[Work instructions] Transcribe everything in the listing below exactly, except the pictures.

[Provided information]

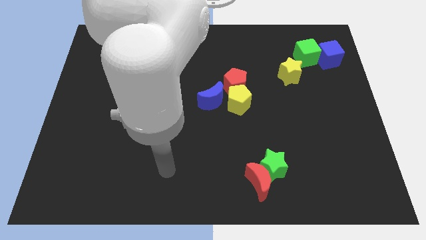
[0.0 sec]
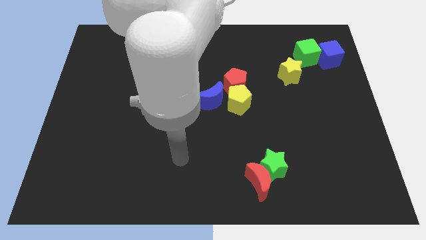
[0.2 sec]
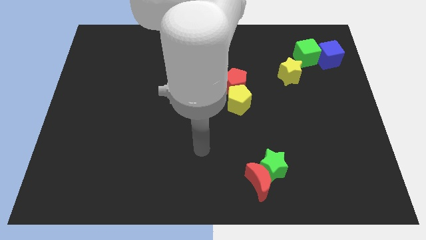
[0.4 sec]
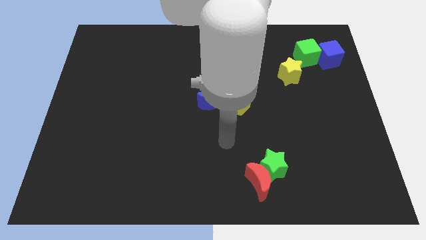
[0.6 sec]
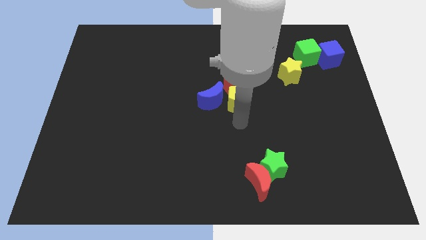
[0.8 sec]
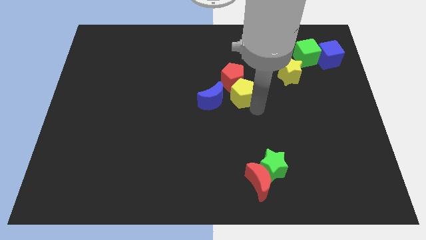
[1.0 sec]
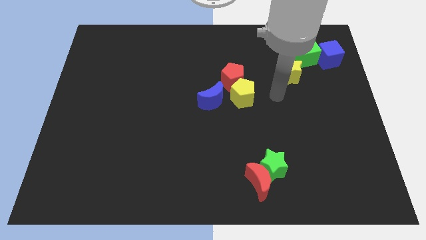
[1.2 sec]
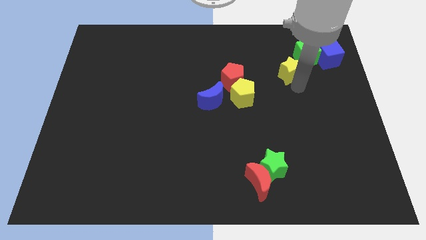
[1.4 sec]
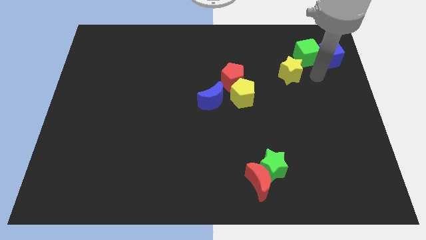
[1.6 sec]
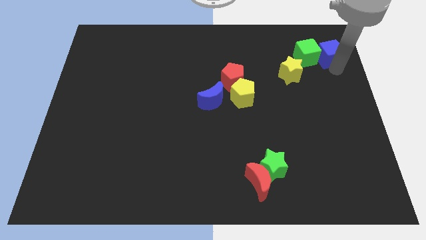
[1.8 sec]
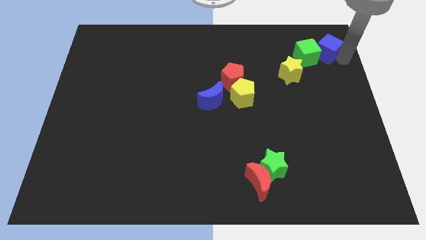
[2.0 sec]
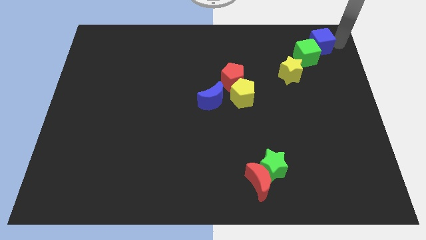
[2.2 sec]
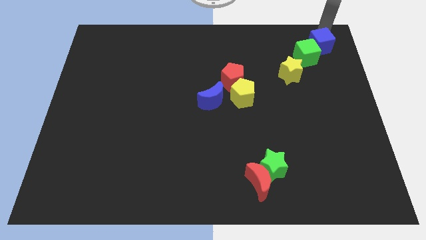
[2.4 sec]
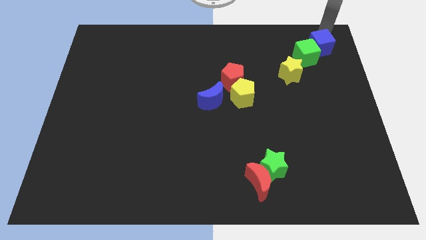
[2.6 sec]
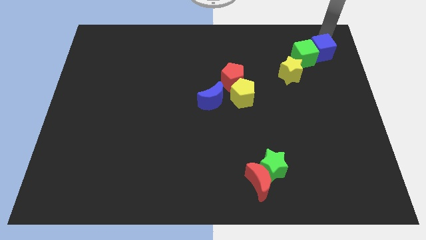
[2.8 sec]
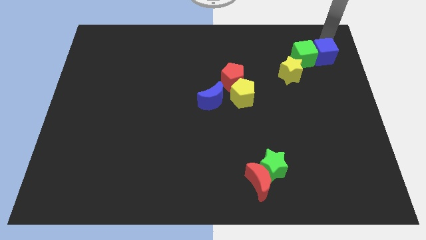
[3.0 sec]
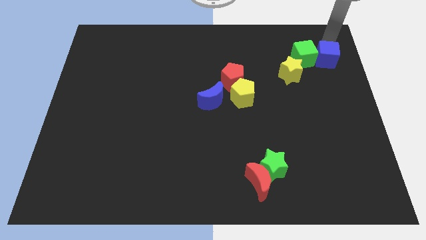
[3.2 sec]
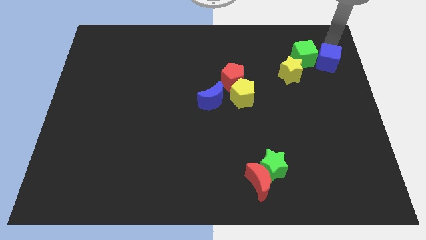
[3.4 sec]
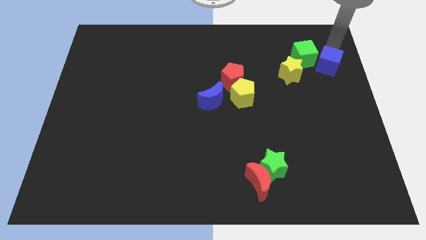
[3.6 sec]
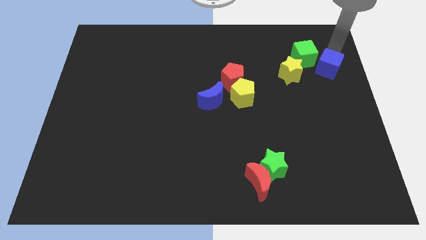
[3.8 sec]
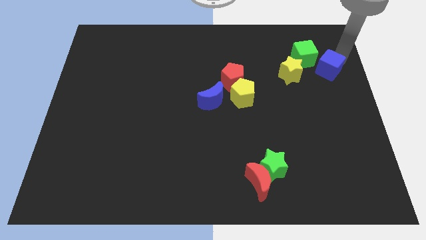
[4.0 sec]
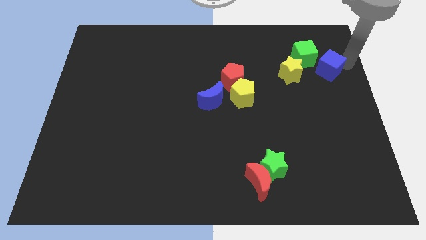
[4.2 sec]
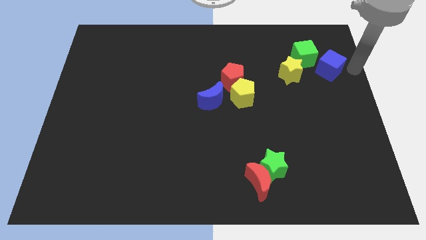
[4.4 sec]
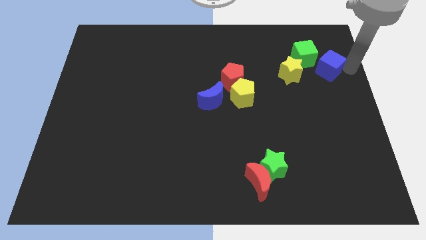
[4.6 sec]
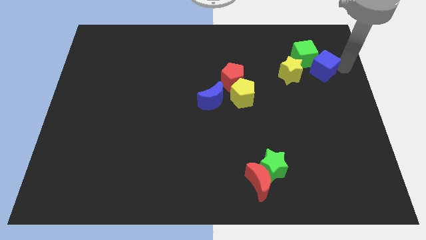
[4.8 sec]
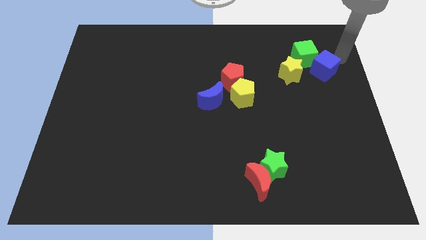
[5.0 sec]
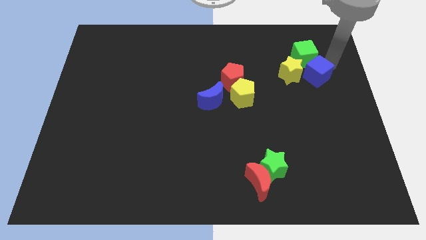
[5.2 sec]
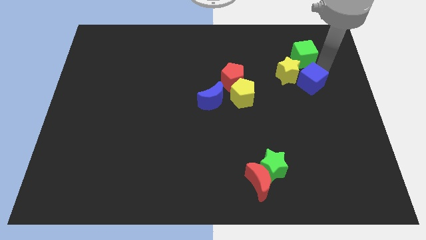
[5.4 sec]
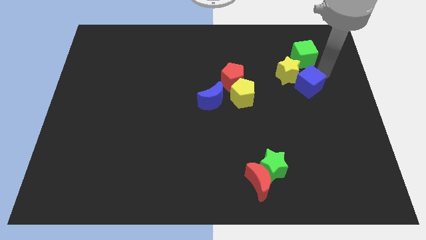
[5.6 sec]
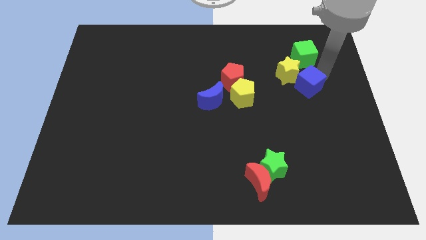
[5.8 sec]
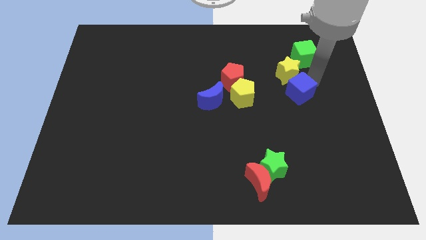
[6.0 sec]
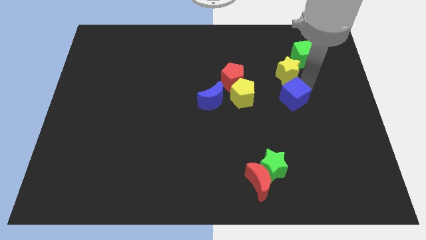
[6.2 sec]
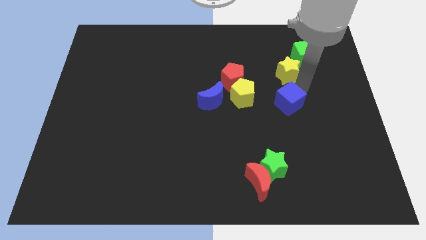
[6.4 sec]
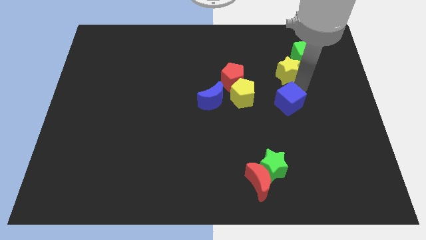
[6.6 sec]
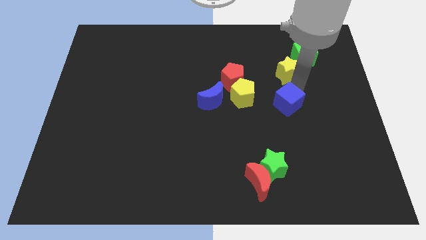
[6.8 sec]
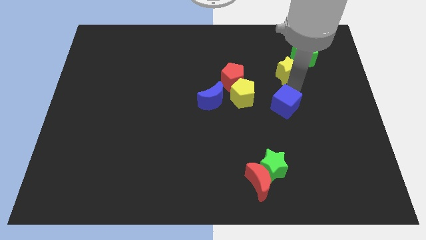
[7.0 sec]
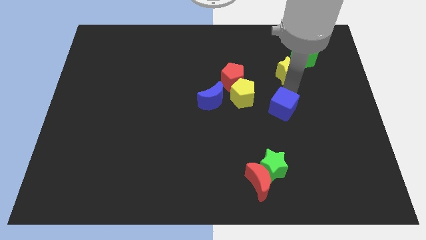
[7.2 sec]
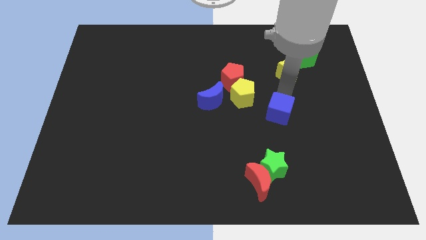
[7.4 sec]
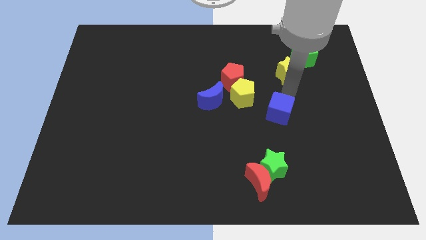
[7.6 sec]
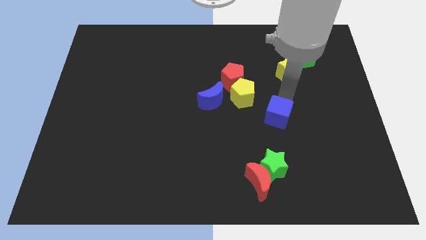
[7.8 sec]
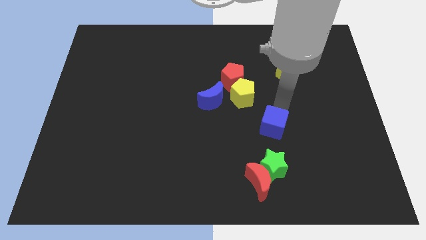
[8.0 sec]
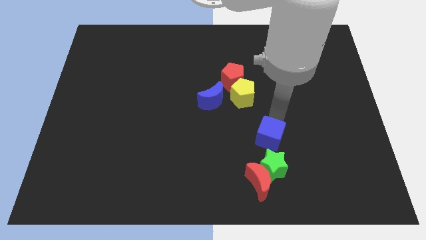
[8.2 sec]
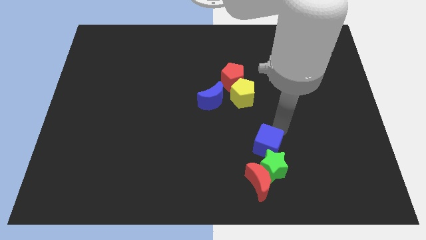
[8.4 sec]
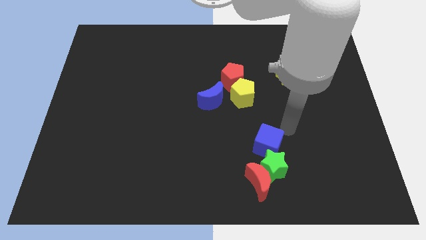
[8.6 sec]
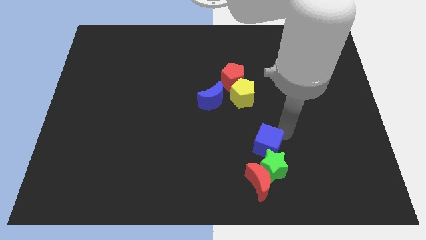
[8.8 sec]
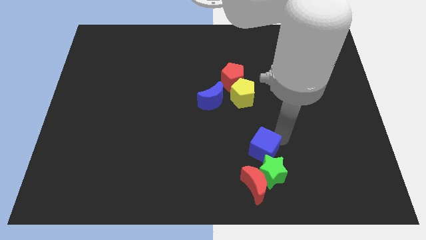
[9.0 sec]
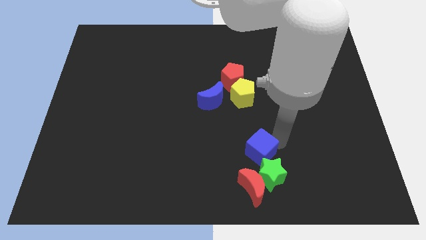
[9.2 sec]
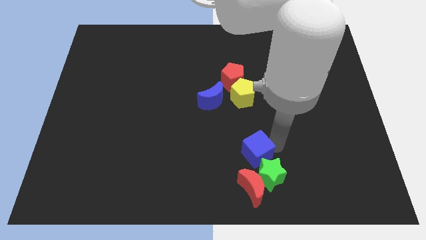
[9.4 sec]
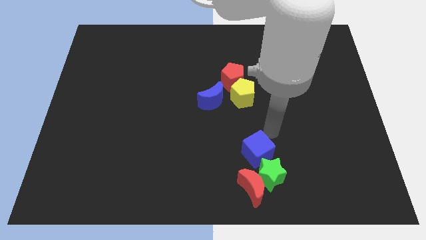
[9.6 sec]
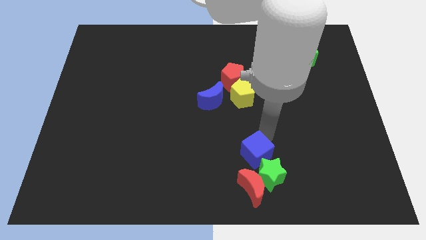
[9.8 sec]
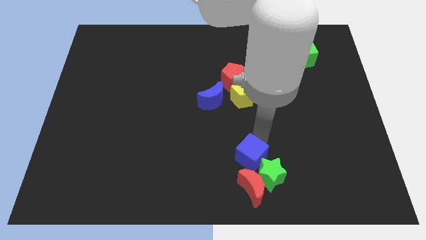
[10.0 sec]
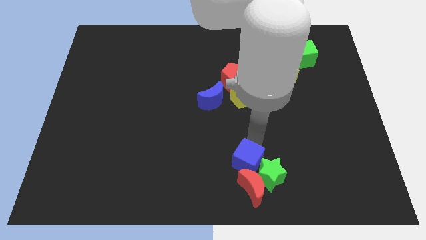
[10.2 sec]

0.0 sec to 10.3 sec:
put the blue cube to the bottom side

[Result]
[0.0 sec]
[0.2 sec]
[0.4 sec]
[0.6 sec]
[0.8 sec]
[1.0 sec]
[1.2 sec]
[1.4 sec]
[1.6 sec]
[1.8 sec]
[2.0 sec]
[2.2 sec]
[2.4 sec]
[2.6 sec]
[2.8 sec]
[3.0 sec]
[3.2 sec]
[3.4 sec]
[3.6 sec]
[3.8 sec]
[4.0 sec]
[4.2 sec]
[4.4 sec]
[4.6 sec]
[4.8 sec]
[5.0 sec]
[5.2 sec]
[5.4 sec]
[5.6 sec]
[5.8 sec]
[6.0 sec]
[6.2 sec]
[6.4 sec]
[6.6 sec]
[6.8 sec]
[7.0 sec]
[7.2 sec]
[7.4 sec]
[7.6 sec]
[7.8 sec]
[8.0 sec]
[8.2 sec]
[8.4 sec]
[8.6 sec]
[8.8 sec]
[9.0 sec]
[9.2 sec]
[9.4 sec]
[9.6 sec]
[9.8 sec]
[10.0 sec]
[10.2 sec]

0.0 sec to 10.3 sec:
put the blue cube to the bottom side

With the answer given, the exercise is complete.